2.  You can’t tell if the insulin has been delivered properly or not

Infusion sets can kink inside the body.  You can’t tell until your blood sugar levels start to spike for no apparent reason. 

3.  They cost a lot of money

RDSP

Not everyone has great insurance coverage.  Not every region offers public programs that pay for insulin pumps.  If you must pay for an insulin pump and then the supplies out of your own pocket, it can be a costly venture.

4.  Changing an infusion set takes more effort than an injection

To change an infusion set, you must prep the site, fill the tubing with insulin, inject the infusion set into the body, connect it to the tubing and fill the cannula, that is now under the skin, with insulin.

5.  Increased risk of DKA

An insulin pump uses only rapid acting insulin. This means that there is no background insulin in the body if there is a pump failure.  Without the background insulin, there is a greater risk of DKA.  A person using an insulin pump should be monitoring their blood glucose levels more closely and checking for blood ketones when readings begin to climb.

6.  Increased risk of infection

Because an infusion set stays in the skin for a period of 2-4 days, there can be an increased risk of infection to the sites.  Therefore, site rotation and proper skin prep is vital when using an insulin pump.

Make an educated choice

talk to an expert

 Choosing to inject or use an insulin pump should be a choice that you make based on your needs and comfort level.  Before you decide, spend time speaking with your diabetes team and take time to educate yourself.

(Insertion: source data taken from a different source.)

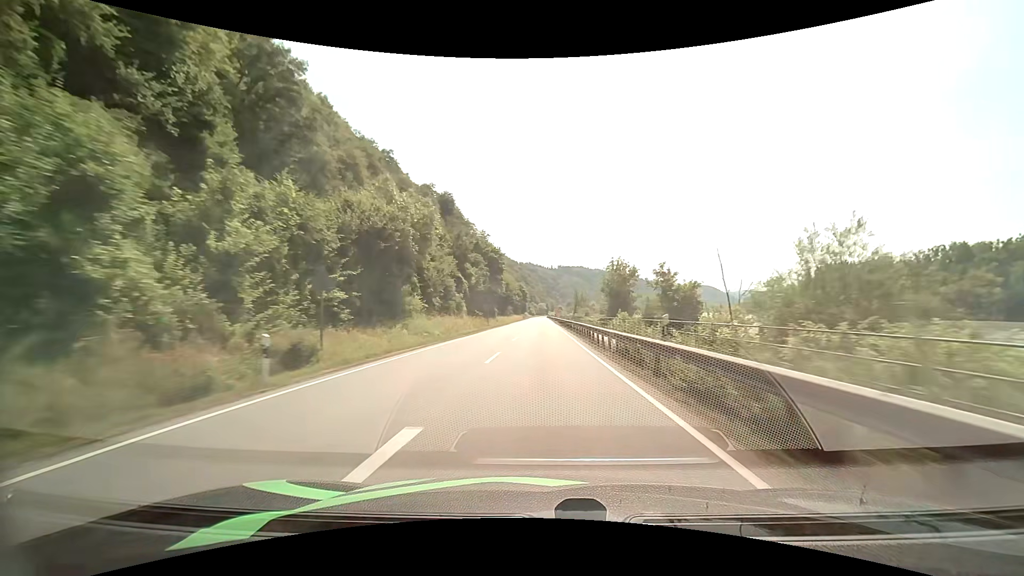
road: primary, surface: asphalt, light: Day
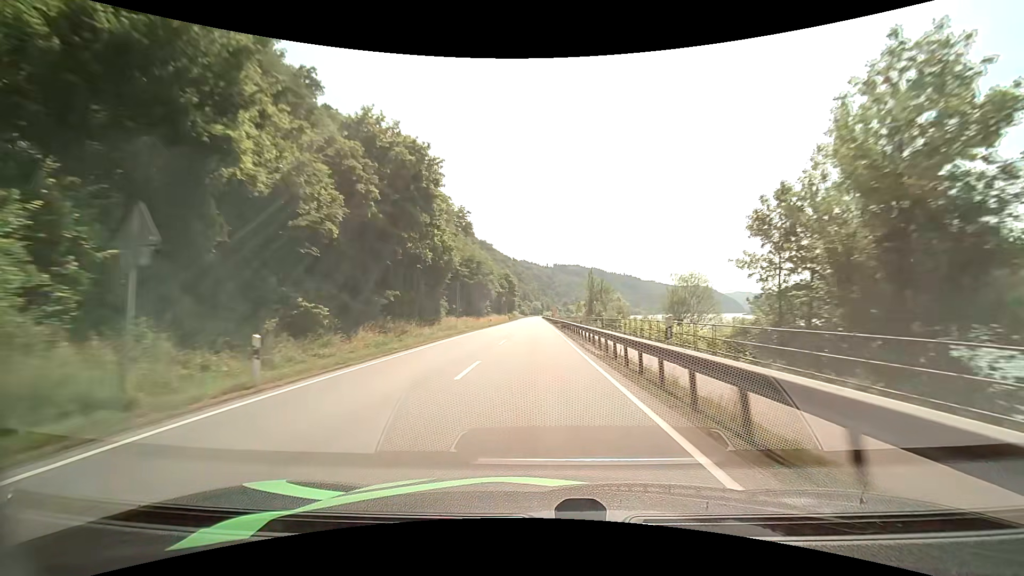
(+0.5, +51.1) m; +1°
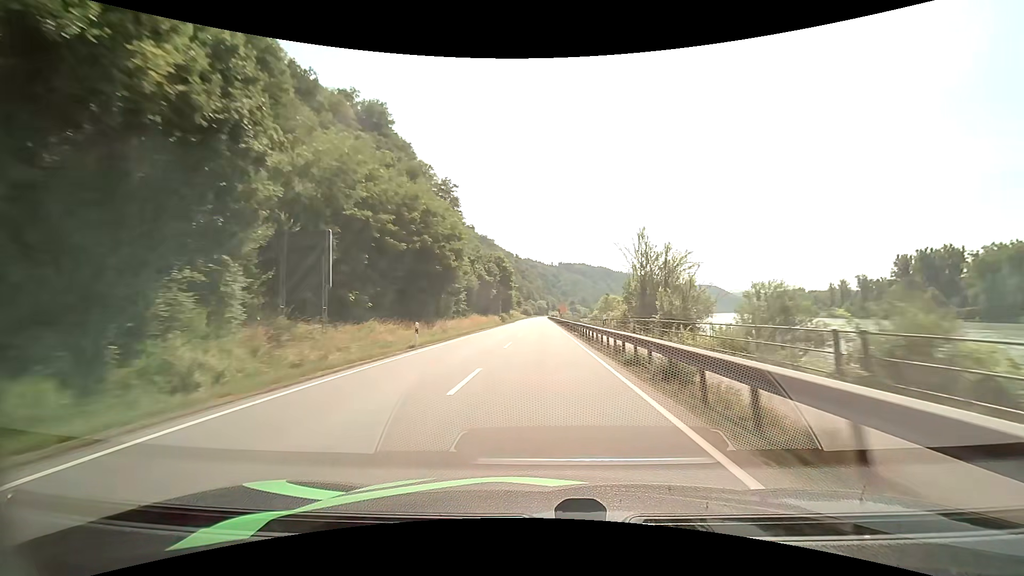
(-0.2, +37.9) m; -1°
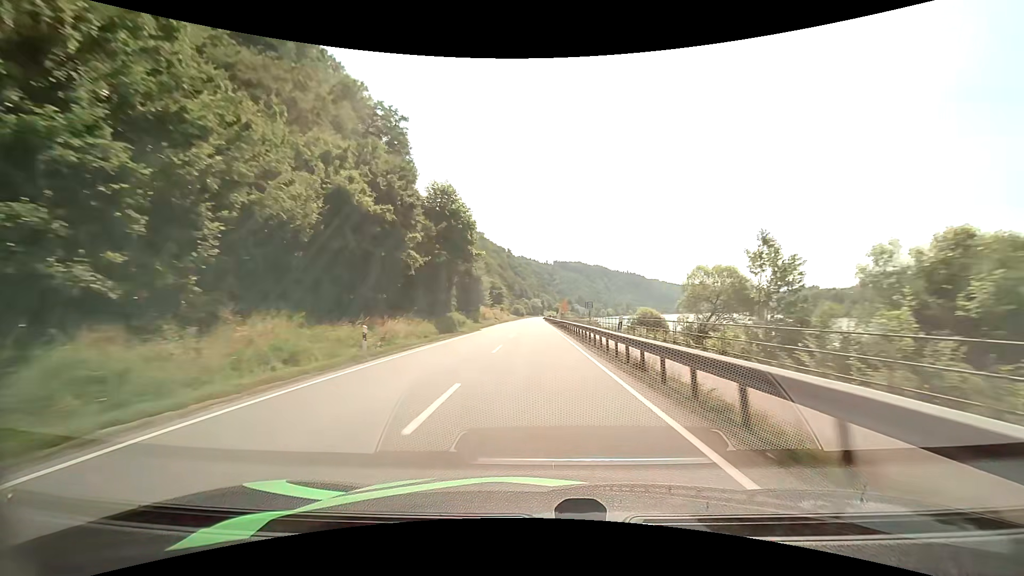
(+0.3, +50.1) m; +1°
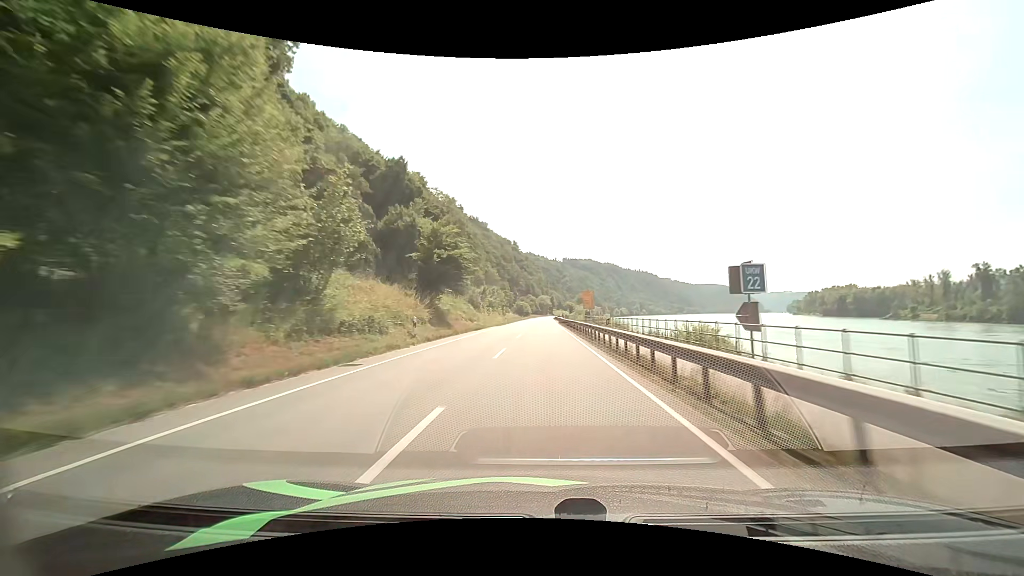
(-0.5, +50.3) m; -1°
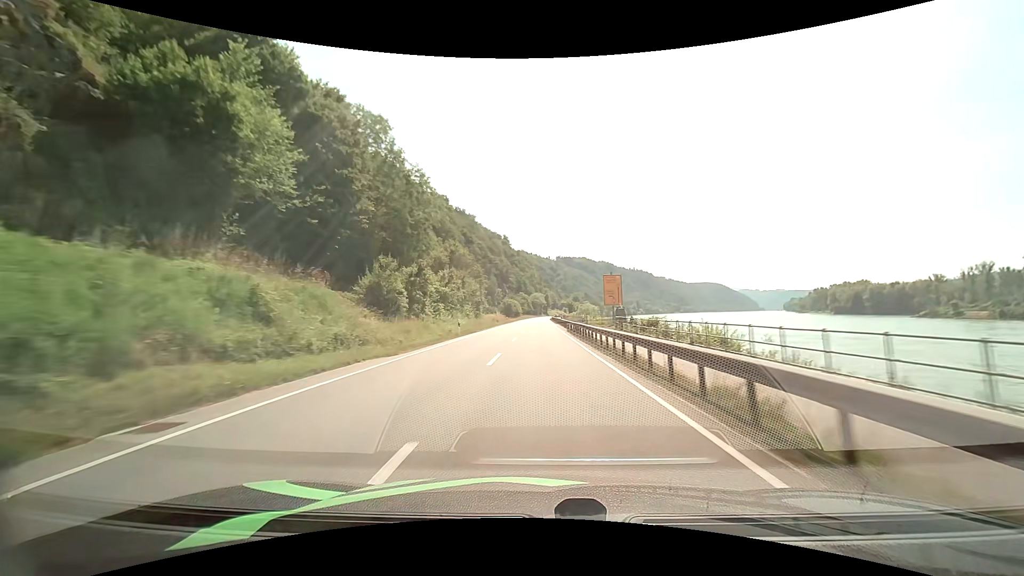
(+0.2, +37.8) m; +1°
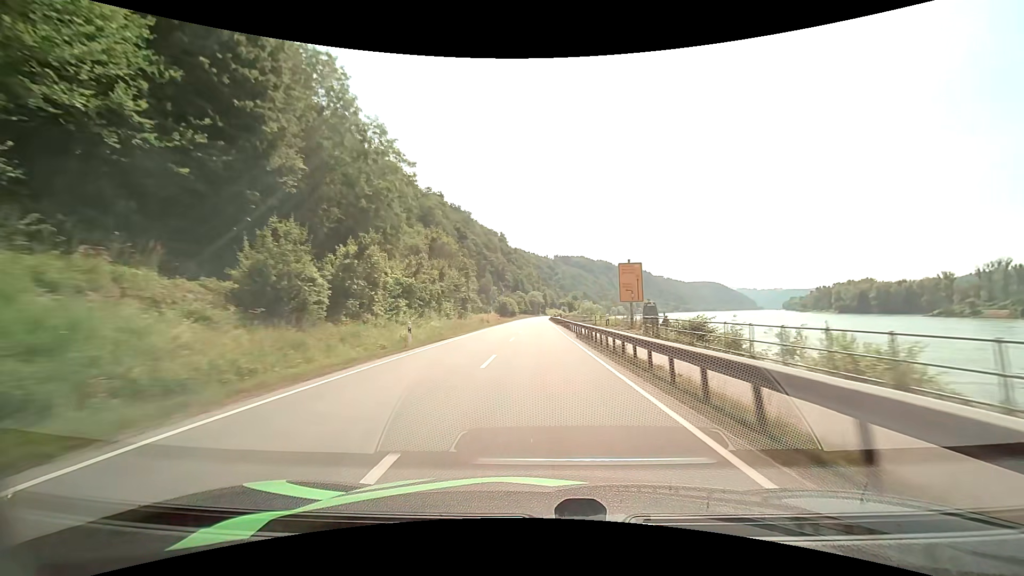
(0.0, +12.4) m; 0°
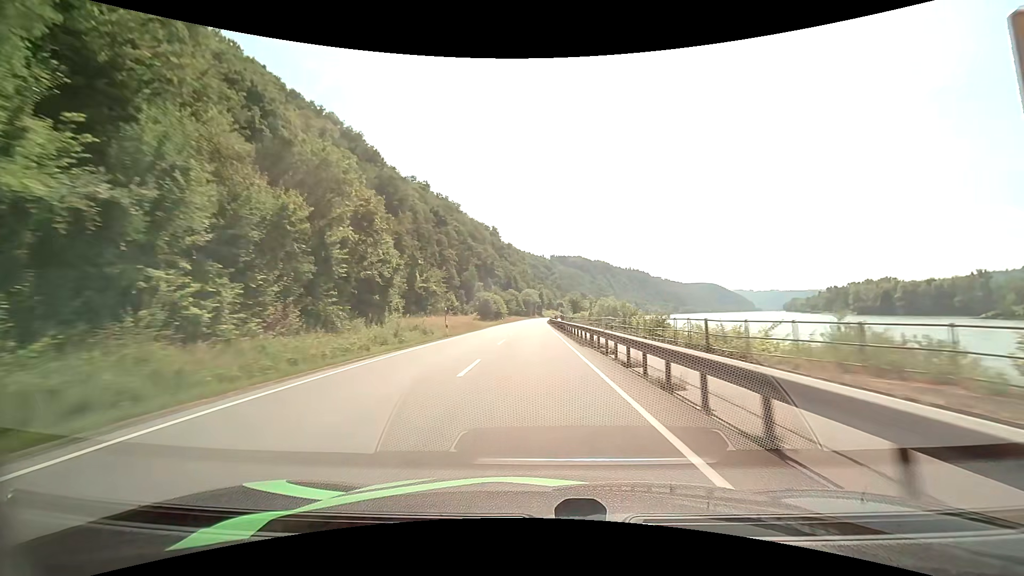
(+0.1, +37.7) m; 0°
(0, +10) (0, +20) (0, +30) (0, +40) (0, +50) (0, +60) (0, +70) (0, +80) (0, +90) (0, +100) m

If you decide to use an insulin pump, again, choose the insulin pump that is right for your lifestyle. To help you decide what is right for you, download our eBook. It has a checklist of features that will help you decide what is important to you.  It also has a list of questions that you can ask your pump reps before making your choice. 

Remember that all pumps come with some sort of guarantee. Ask your pump rep what their return policy is before you purchase.  Your insulin pump is a 4-5-year investment.  You don’t want to have buyers’ remorse.